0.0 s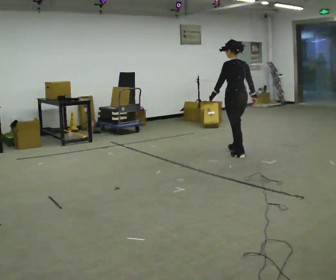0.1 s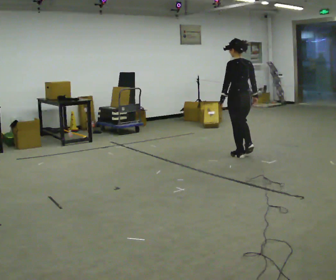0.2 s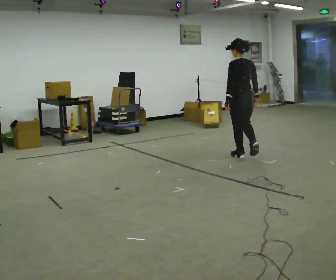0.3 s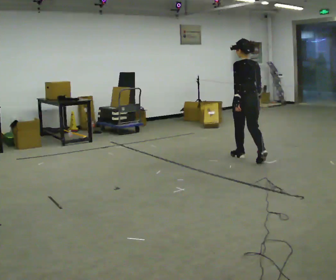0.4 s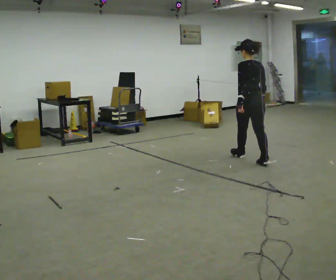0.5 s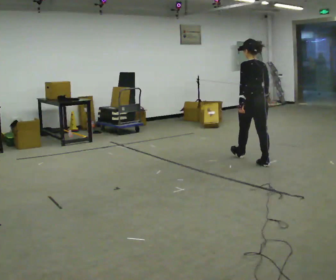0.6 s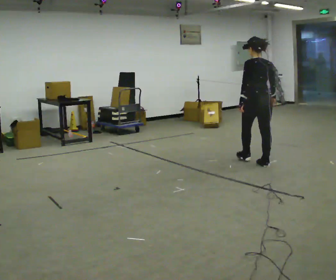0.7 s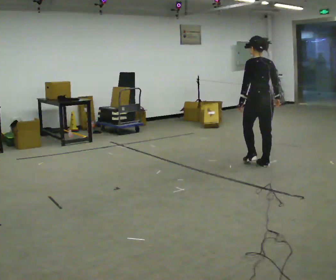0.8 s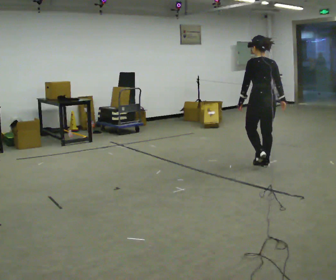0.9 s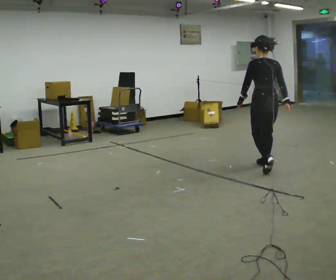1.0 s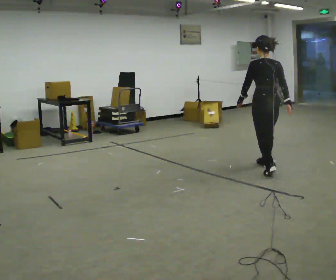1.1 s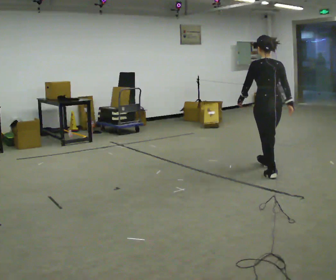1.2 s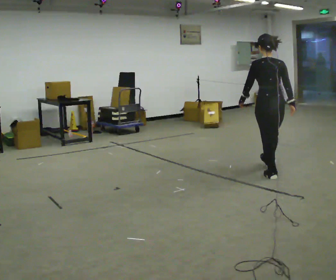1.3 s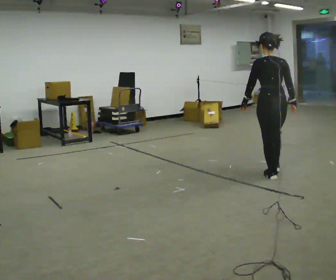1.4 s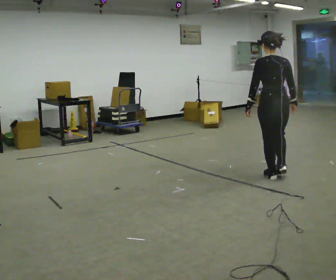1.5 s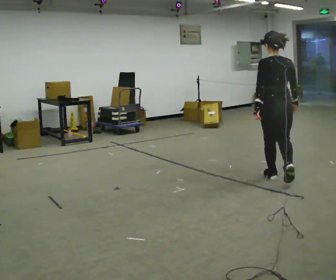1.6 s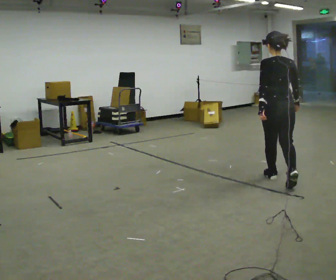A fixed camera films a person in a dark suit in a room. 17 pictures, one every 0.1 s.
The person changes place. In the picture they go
toward the camera.
0.0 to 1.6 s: The person turns about 30 degrees to their right, clockwise seen from above, so the part of the body nearest the lens slides to the left. In the picture they go toward the camera, about 1.5 m in 2 steps, which for them is backward.
The film runs backward here.
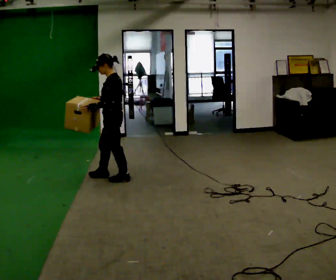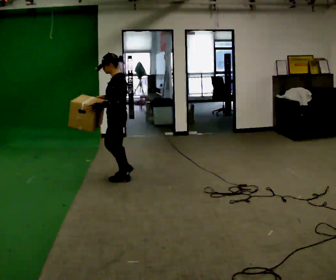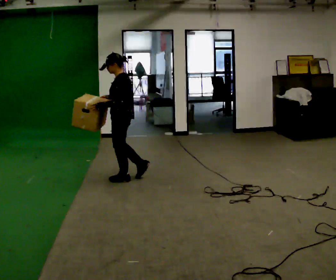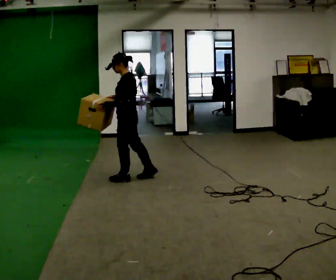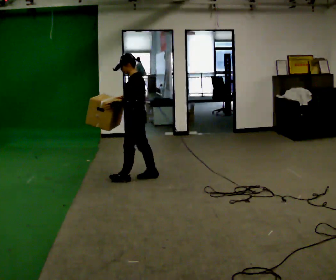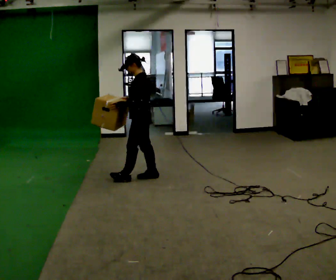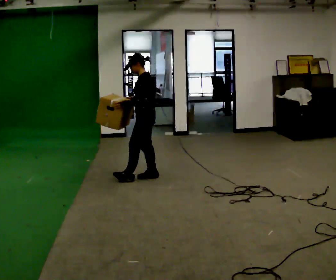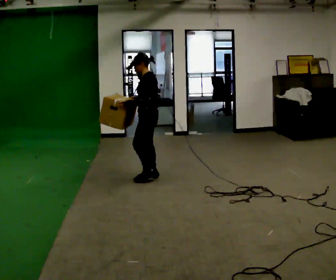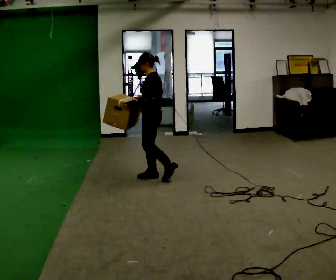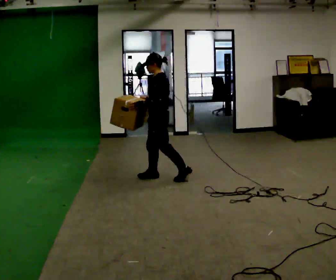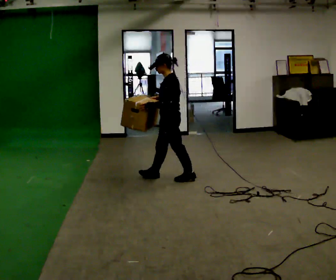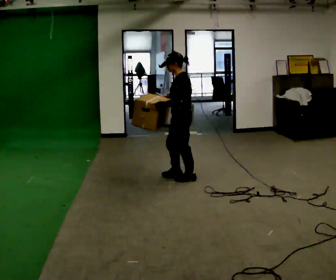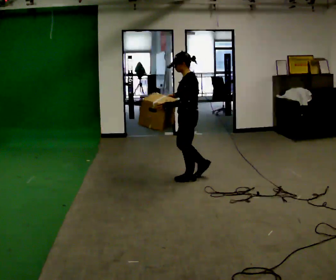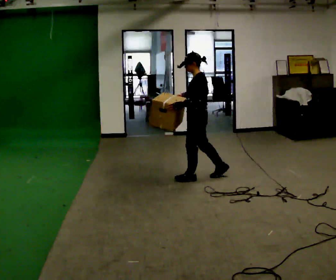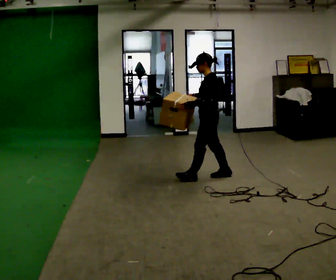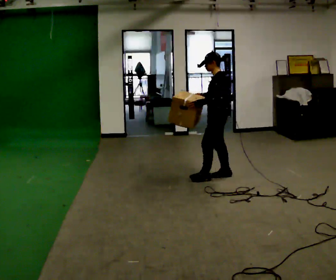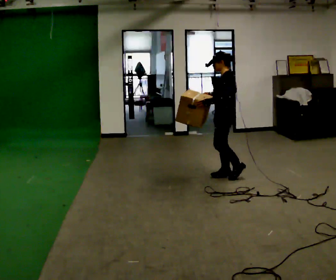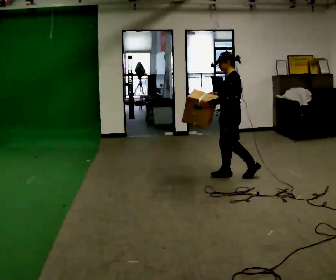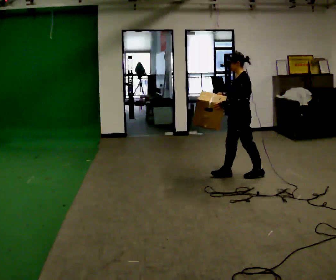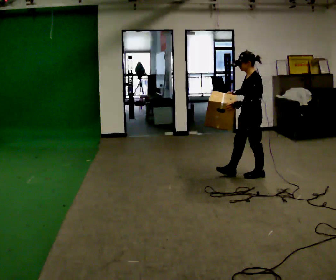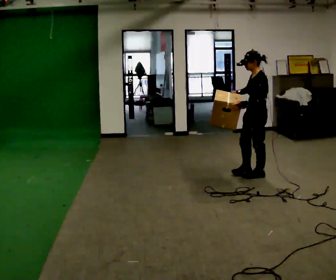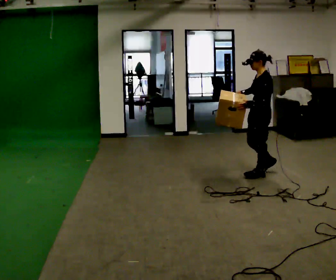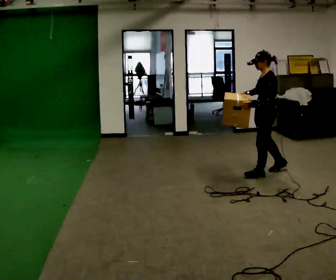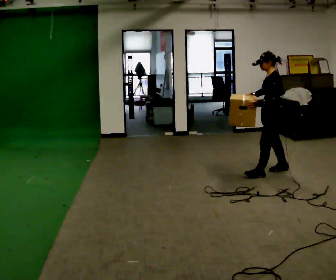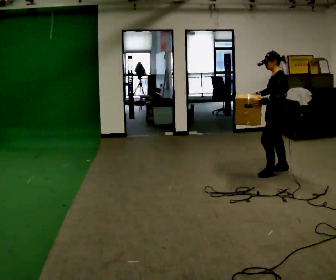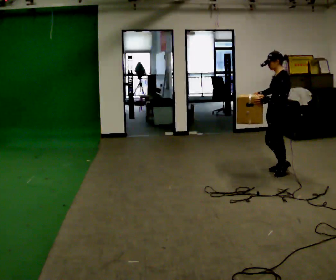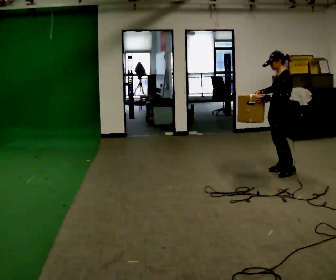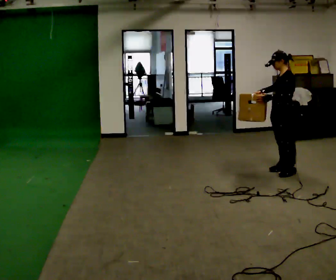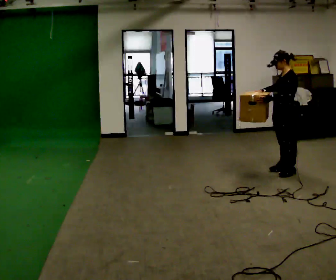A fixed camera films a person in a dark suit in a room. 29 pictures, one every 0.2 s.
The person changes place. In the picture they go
to the right.
0.0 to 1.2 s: In the picture they go to the right, about 0.25 m in 1 step, which for them is backward.
1.2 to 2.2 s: In the picture they go to the right, about 0.5 m in 1 step, which for them is backward.
2.2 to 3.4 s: In the picture they go to the right, about 0.5 m in 1 step, which for them is backward.
3.4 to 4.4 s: In the picture they go to the right, about 0.5 m in 1 step, which for them is backward.
4.4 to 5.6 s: In the picture they go to the right, about 0.25 m in 1 step, which for them is backward.
The film runs backward here.
◇ ◇ ◇ ◇ ◇ ◇ ◇
--- WHAT IS EXPECTED ---
Take the line containing "every 0.2 s." as the first and the last line of the records as the end. Print every line in that span exactly, leaving out pictures.

--- ANSWER TO THIS TASK ---
A fixed camera films a person in a dark suit in a room. 29 pictures, one every 0.2 s.
The person changes place. In the picture they go
to the right.
0.0 to 1.2 s: In the picture they go to the right, about 0.25 m in 1 step, which for them is backward.
1.2 to 2.2 s: In the picture they go to the right, about 0.5 m in 1 step, which for them is backward.
2.2 to 3.4 s: In the picture they go to the right, about 0.5 m in 1 step, which for them is backward.
3.4 to 4.4 s: In the picture they go to the right, about 0.5 m in 1 step, which for them is backward.
4.4 to 5.6 s: In the picture they go to the right, about 0.25 m in 1 step, which for them is backward.
The film runs backward here.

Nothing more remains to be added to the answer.